Persuading your execs to let you employ a regular, consistent patch management system can be an uphill struggle for all but major patches or software updates like those for operating systems or ones that add key features. It can seem non-urgent and patches can easily fall on the back burner.
Sony’s latest incident should help remind you how bad things can go if you do get hacked. Tech that most of us rely on every day became ticking time bombs for Sony employees – as a result of the hack, they’ve all but stopped using email, voicemail and other business critical applications. Employees now fear identity theft since their private emails and documents have been leaked. And Sony customers can read the confidential emails employees exchanged between them self.
So don’t be fooled: keeping your systems updated with the latest patches is crucial and can prevent a host of security and compliance issues (not to mention user experience issues that can grind productivity to a hault). We’re here to help: below is a handy guide on working with your execs next time they grumble about the nuisance of implementing a patch.
1. Educate key decision makers within your company or client companies on the benefits of patching
(and the critical business issues that can result if you don’t).
Without implementing patches, your system is vulnerable and allows hackers to use malware in order to exploit those vulnerabilities. Once a hacker has installed malware into your system, the hacker can attack other systems, spam your clients, steal and publicize your data without you ever knowing. Providing a quick rundown of all the devastating recent security attacks (check out our previous posts on MS14-068, WinShock and Shellshock) should hopefully be more than enough to prove your point.
2. Explain that hacks and system breaches are unpredictable, so we can’t wait; we need to implement patches as they come out to protect our network.
It is always better to patch as soon as they are available instead of doing all the patches in weekly or biweekly cycles. Hackers unfortunately do not respect patch cycles, and try to exploit weaknesses whenever possible, so never postpone your patching. You can outsource your patches to a patch management system like Panorama9 (shameless plug!) to automate the process.
3. Communicate any potential risks and estimated downtime alongside the benefit of dealing with it now.

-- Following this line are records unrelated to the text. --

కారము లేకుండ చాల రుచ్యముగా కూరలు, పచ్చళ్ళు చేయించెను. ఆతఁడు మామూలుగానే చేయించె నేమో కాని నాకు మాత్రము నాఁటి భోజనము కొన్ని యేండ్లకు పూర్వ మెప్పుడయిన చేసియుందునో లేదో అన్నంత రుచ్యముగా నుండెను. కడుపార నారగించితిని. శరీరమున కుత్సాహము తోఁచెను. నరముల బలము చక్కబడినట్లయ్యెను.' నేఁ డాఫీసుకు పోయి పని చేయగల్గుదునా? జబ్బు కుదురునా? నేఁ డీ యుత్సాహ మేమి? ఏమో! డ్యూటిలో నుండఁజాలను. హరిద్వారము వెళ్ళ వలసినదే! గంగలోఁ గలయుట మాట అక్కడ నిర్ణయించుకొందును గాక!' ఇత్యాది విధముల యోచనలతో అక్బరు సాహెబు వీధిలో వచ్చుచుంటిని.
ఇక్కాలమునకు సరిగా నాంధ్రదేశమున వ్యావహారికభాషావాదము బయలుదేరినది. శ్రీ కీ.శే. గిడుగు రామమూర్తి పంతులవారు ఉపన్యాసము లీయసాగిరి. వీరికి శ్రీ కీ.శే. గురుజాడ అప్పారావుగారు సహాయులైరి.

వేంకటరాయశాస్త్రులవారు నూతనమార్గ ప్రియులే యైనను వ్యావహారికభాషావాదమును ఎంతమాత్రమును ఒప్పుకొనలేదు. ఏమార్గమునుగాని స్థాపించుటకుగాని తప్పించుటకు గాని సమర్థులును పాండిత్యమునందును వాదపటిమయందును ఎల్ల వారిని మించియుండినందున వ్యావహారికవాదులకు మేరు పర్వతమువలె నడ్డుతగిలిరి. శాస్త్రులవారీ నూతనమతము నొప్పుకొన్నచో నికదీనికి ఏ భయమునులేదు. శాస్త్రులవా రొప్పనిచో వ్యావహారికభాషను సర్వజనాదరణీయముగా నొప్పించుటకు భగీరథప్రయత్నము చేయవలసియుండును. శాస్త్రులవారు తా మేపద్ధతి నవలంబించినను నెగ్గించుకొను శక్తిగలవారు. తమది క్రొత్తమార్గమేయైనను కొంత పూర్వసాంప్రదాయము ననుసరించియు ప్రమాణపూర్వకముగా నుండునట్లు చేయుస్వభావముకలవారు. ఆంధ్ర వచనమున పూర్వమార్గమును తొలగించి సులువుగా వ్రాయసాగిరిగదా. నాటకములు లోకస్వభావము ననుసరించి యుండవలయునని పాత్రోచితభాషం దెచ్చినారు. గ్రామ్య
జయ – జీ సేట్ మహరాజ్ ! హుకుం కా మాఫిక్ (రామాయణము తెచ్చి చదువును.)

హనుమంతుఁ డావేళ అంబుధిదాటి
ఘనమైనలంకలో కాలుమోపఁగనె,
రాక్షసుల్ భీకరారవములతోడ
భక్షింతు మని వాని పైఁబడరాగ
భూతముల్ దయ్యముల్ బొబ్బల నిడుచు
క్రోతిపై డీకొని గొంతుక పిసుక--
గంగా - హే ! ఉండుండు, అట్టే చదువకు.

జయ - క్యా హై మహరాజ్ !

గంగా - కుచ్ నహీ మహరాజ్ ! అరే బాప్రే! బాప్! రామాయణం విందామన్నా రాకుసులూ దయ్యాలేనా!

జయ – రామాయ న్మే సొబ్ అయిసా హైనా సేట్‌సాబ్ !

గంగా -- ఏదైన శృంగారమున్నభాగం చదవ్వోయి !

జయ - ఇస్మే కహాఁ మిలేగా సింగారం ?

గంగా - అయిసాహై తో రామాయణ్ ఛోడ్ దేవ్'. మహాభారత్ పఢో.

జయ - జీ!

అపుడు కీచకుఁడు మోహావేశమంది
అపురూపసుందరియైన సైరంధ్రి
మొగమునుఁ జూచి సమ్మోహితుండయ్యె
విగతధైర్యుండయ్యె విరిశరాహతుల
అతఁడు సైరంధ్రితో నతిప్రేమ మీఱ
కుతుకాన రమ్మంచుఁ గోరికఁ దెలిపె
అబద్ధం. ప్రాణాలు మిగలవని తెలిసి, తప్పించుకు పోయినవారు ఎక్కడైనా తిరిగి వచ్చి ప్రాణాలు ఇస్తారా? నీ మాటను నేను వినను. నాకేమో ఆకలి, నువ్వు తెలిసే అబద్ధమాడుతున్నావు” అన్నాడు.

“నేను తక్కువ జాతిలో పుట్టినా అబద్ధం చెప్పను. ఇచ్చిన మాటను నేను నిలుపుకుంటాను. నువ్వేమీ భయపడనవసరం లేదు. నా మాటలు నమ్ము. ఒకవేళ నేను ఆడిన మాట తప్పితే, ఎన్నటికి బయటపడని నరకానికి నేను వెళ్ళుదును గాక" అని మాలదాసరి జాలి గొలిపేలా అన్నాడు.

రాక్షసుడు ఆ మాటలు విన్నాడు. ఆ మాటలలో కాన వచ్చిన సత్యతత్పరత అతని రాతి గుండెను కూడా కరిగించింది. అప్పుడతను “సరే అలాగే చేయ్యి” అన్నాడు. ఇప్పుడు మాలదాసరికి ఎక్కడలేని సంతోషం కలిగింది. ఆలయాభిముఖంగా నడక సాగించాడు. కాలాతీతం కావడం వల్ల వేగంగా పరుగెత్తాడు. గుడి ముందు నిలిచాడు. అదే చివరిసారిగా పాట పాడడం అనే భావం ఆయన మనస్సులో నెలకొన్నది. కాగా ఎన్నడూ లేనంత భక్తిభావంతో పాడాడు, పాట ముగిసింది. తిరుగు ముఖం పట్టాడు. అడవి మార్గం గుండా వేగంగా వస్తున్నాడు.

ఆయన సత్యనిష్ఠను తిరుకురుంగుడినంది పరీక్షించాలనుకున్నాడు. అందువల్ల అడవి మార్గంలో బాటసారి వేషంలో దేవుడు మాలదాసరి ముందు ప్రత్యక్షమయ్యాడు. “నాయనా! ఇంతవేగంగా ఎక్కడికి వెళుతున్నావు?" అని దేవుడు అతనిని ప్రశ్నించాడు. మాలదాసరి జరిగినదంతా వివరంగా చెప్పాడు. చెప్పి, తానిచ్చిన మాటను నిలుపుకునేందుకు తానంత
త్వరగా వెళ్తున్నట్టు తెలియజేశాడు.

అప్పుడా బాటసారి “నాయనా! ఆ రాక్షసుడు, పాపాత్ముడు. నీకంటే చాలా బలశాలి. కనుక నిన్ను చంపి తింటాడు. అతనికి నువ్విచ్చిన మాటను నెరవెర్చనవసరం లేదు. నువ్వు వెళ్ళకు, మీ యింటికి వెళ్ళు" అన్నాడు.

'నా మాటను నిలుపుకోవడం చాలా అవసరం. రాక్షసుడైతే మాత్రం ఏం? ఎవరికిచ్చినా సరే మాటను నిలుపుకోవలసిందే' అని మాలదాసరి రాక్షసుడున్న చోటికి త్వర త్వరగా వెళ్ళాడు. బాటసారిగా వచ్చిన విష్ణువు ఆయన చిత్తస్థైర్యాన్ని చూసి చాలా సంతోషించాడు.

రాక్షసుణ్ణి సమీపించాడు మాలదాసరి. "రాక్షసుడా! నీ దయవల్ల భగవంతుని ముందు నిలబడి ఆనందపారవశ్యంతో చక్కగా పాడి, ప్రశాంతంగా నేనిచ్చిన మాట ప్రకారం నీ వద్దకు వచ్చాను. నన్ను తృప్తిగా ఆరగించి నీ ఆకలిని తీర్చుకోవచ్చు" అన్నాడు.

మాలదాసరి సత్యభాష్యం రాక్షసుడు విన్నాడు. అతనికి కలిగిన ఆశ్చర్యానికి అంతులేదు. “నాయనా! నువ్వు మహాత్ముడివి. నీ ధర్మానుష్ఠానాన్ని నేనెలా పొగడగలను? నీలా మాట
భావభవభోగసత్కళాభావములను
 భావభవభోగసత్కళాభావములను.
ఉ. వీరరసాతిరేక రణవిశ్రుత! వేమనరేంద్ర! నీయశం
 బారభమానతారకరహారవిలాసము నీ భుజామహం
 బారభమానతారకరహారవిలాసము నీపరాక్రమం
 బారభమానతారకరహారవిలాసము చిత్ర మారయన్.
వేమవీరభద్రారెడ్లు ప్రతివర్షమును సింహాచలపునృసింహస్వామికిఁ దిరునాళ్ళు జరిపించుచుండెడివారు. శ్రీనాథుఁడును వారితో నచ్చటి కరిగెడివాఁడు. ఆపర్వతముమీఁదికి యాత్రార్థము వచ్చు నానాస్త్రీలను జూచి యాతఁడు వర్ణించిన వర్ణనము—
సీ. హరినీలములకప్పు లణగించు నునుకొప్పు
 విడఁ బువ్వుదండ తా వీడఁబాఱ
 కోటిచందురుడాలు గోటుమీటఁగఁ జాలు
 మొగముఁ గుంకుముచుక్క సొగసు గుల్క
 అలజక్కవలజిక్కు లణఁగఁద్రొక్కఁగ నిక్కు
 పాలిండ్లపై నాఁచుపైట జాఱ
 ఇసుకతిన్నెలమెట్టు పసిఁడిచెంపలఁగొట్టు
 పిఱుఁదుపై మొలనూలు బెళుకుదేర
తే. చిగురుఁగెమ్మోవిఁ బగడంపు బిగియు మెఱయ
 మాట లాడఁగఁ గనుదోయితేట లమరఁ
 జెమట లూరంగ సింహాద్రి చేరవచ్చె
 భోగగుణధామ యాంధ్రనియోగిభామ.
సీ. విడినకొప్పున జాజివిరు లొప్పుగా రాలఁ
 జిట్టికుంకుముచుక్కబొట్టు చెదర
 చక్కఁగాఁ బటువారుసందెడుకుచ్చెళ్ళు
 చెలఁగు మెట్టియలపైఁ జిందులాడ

A lot of the reason for pushback on patch management is the uncertainty of how it will affect the status quo. There are definitely risks when applying new patches: updates may disrupt service and there is also the possibility of lost data or breaking the current system. You will allay many of these fears simply by communicating what may or may not happen once you implement the patch, what your contingency plan is for dealing with any hiccups, and reiterating why it’s important to stay current on patches. Most patches don’t take long to install, so the majority of these types of updates should be painless and largely invisible to the rest of the company.
4. Position patch management as a way to protect your existing software investments.
Commonly used software like Java, Flash, Acrobat, and MS Windows are often the most targeted for security hacks. Luckily, they come with built-in update features, but ensuring compliance is still an important part of the patch management plan. If you have any of these applications, be sure that it is configured and working and remember to use a monitoring system to warn you if the software malfunctions or if specific users are behind on software updates.
5. Remind everyone that patching ultimately saves time, resources, and money for the company.
Without a patch management system, you may be faced with devices that fail to apply the automated updates, causing you to spend more time manually following up with each device. With a patch management system, you can customize the plan so new patches are applied automatically, you will be warned if some devices fail to receive the last patch, and be able to pull an extensive report dictating what happened and which devices are still vulnerable. You’ll also be able to catch potential issues early, saving the company untold time and expense (not to mention lost trust with customers) in the event of a security breach or other network issue.
It’s risky not to implement released and safe patches, but worse if there was no patch management plan implemented. Having a patch management plan not only saves time that could be used in other areas but also is an extra security measure that makes sure your data and service are still safe, and no one can use your system to spy on others. In the end, without patch management best practices and a well carried-out plan, all those things are at risk and damage control will only cost you extra.